* [EXERCISE DIRECTIONS] Set down every line from the one containing "cover by kind: broadleaved" through the last line of the records below, exactly as written, and leave out the pictures.

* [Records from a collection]
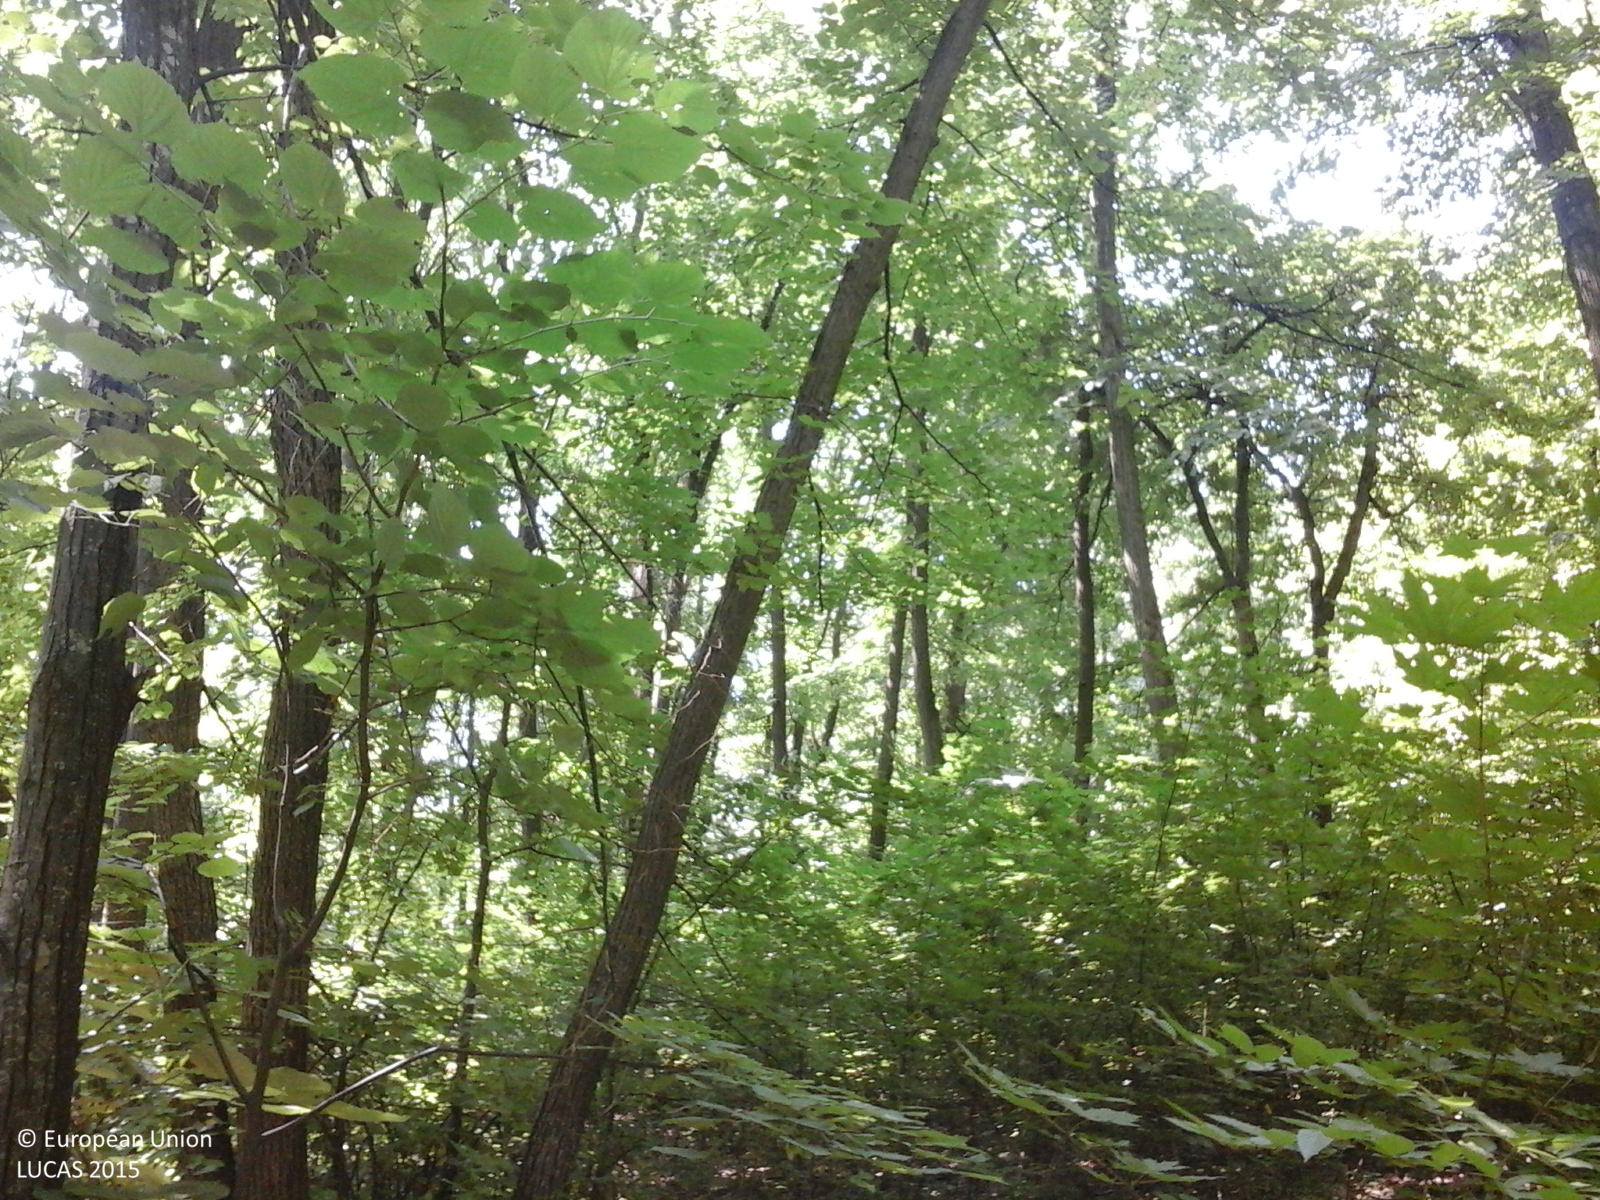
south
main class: Woodland
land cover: Broadleaved woodland
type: beech forest
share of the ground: > 75 %
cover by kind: broadleaved forest trees 90 %, shrubs 5 %, herbaceous plants 5 %
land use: Forestry
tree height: > 5 m
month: June
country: RO
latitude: 46.8204
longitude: 27.3176
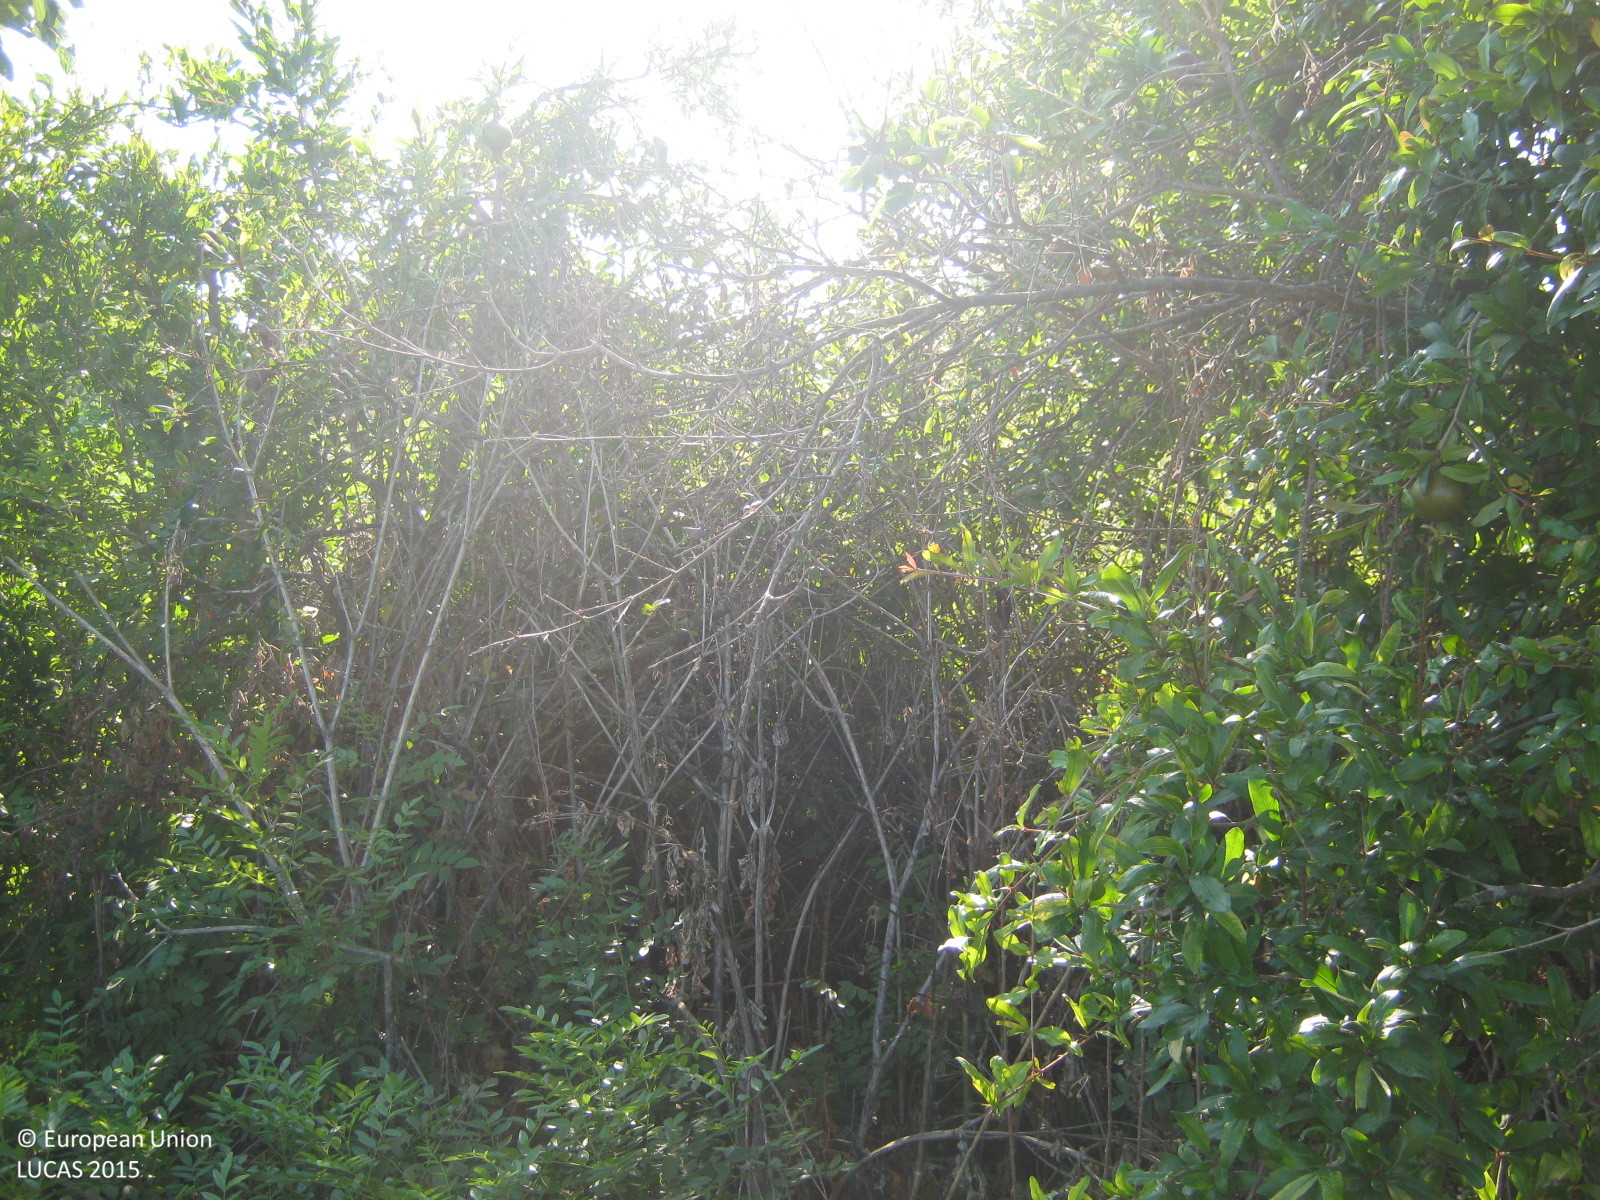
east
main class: Cropland
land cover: Maize
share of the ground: > 75 %
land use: Agriculture (excluding fallow land and kitchen gardens)
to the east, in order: Maize; Abandoned hedges; Spontaneously vegetated surfaces; Tracks; Olive groves; Artificial constructions in urban areas
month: July
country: GR
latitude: 37.9363
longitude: 21.2595
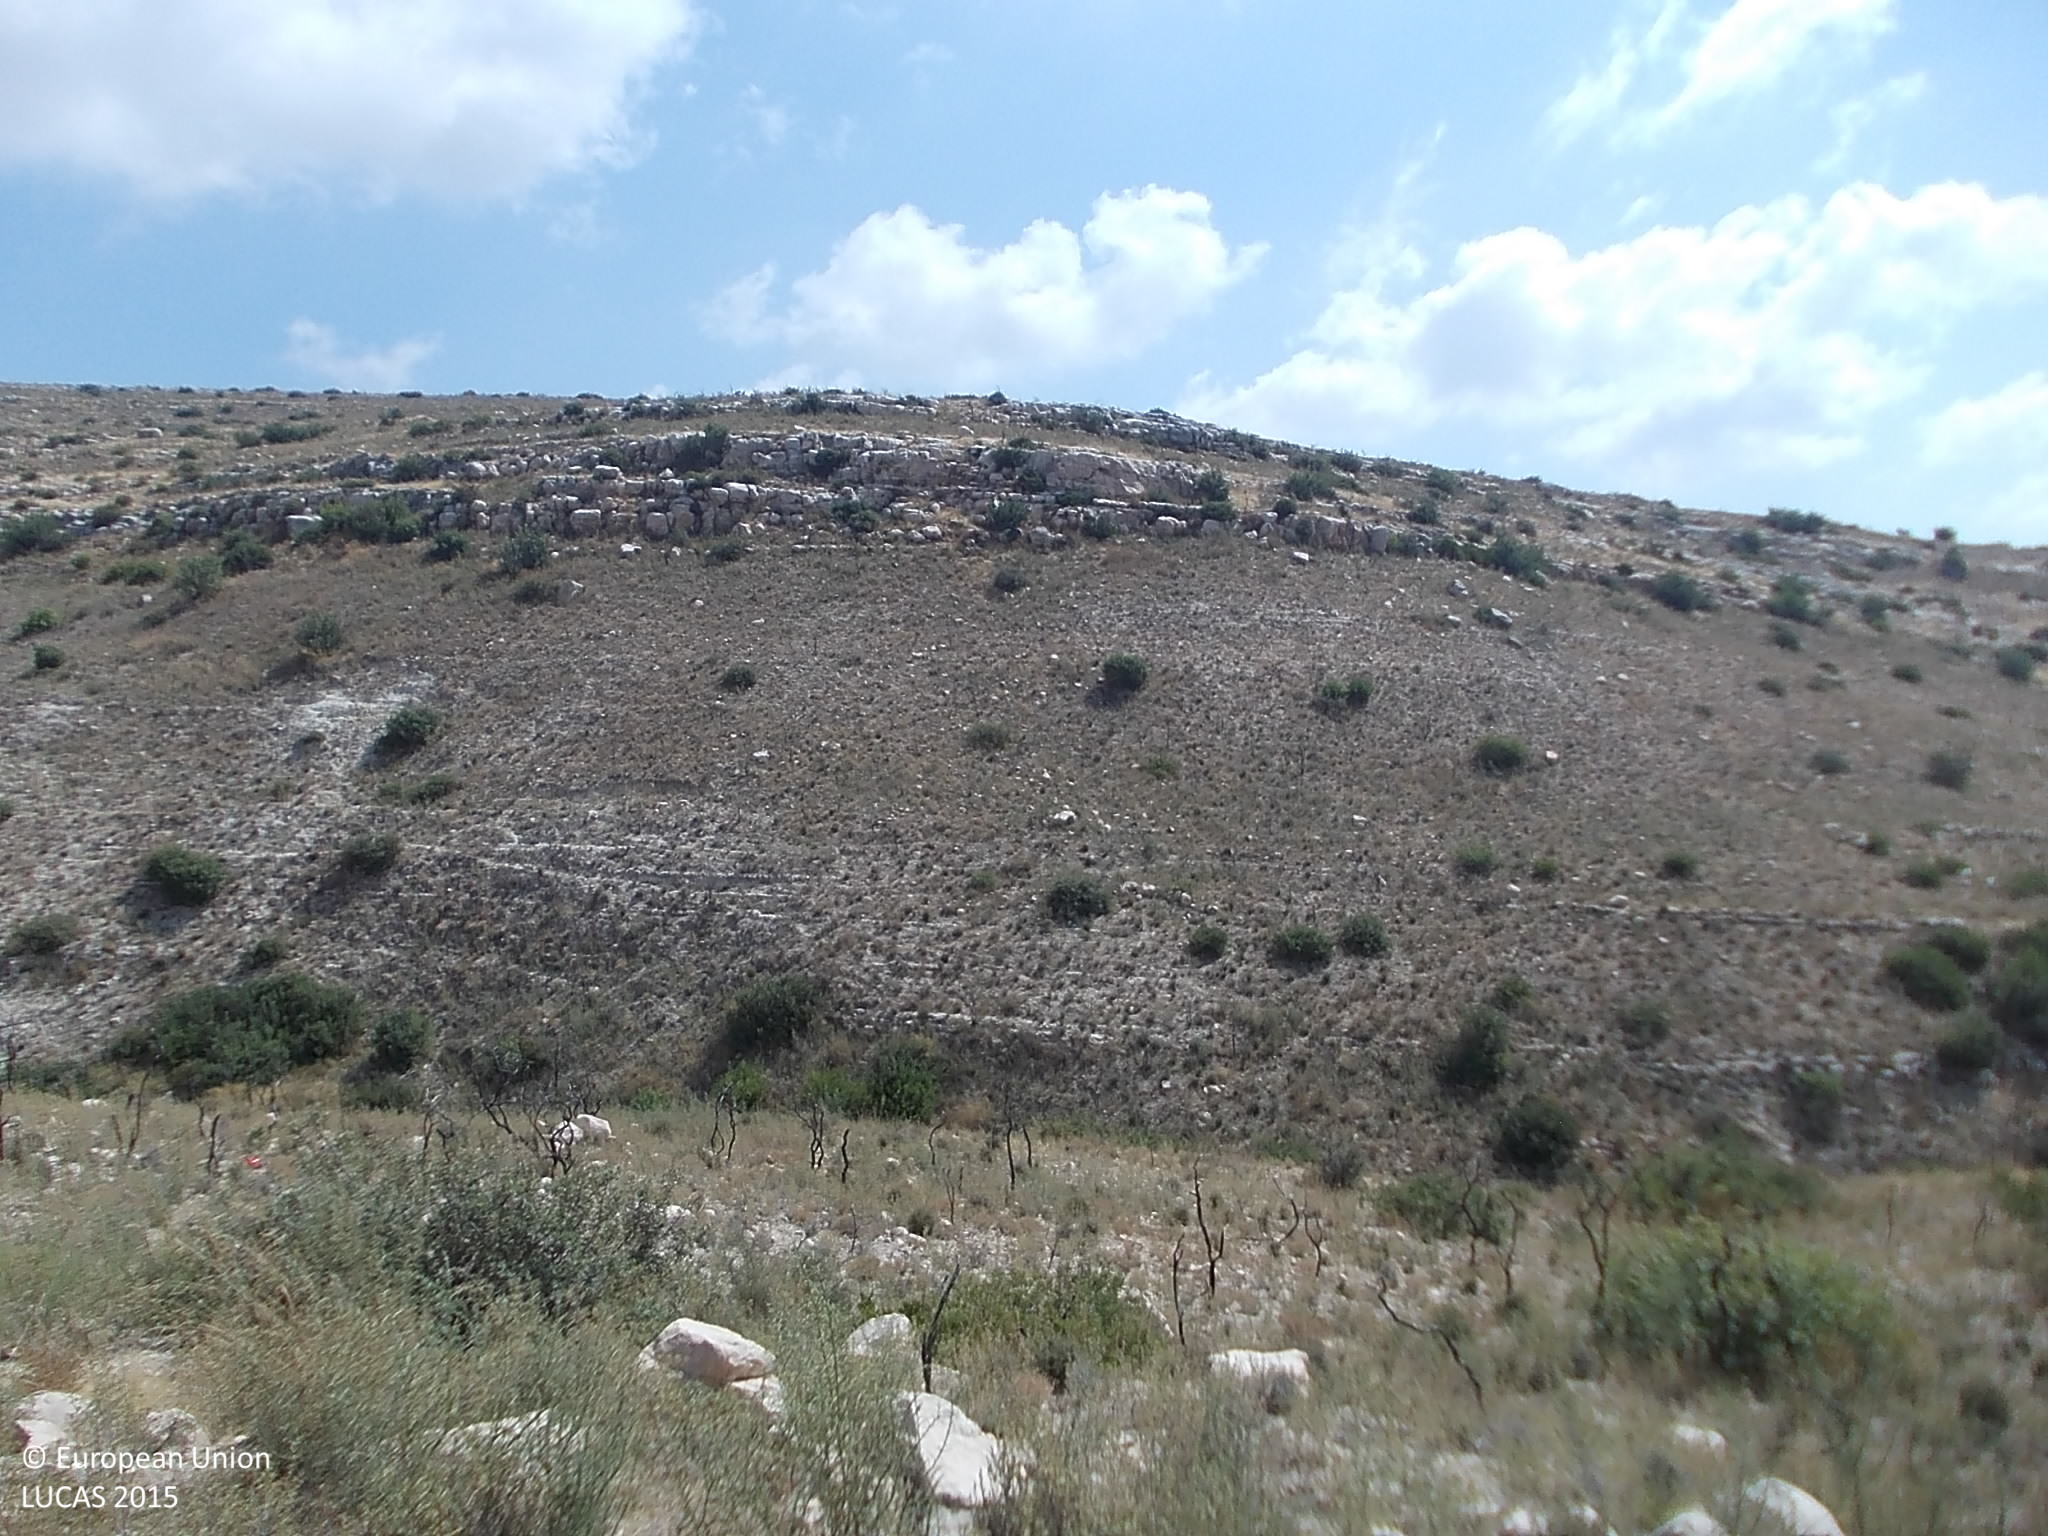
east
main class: Shrubland
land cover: Shrubland without tree cover
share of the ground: 25 - 50 %
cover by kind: shrubs 45 %, herbaceous plants 30 %, unconsolidated bare surface 20 %, consolidated bare surface 5 %
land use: Semi-natural and natural areas not in use
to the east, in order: Shrubland without tree cover; Inland fresh running water; Shrubland without tree cover; Rocks and stones; Shrubland without tree cover; Tracks; Shrubland without tree cover
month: September
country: CY
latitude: 34.7118
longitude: 32.8812

* [RESPONSE FOR THIS EXERCISE]
cover by kind: broadleaved forest trees 90 %, shrubs 5 %, herbaceous plants 5 %
land use: Forestry
tree height: > 5 m
month: June
country: RO
latitude: 46.8204
longitude: 27.3176
east
main class: Cropland
land cover: Maize
share of the ground: > 75 %
land use: Agriculture (excluding fallow land and kitchen gardens)
to the east, in order: Maize; Abandoned hedges; Spontaneously vegetated surfaces; Tracks; Olive groves; Artificial constructions in urban areas
month: July
country: GR
latitude: 37.9363
longitude: 21.2595
east
main class: Shrubland
land cover: Shrubland without tree cover
share of the ground: 25 - 50 %
cover by kind: shrubs 45 %, herbaceous plants 30 %, unconsolidated bare surface 20 %, consolidated bare surface 5 %
land use: Semi-natural and natural areas not in use
to the east, in order: Shrubland without tree cover; Inland fresh running water; Shrubland without tree cover; Rocks and stones; Shrubland without tree cover; Tracks; Shrubland without tree cover
month: September
country: CY
latitude: 34.7118
longitude: 32.8812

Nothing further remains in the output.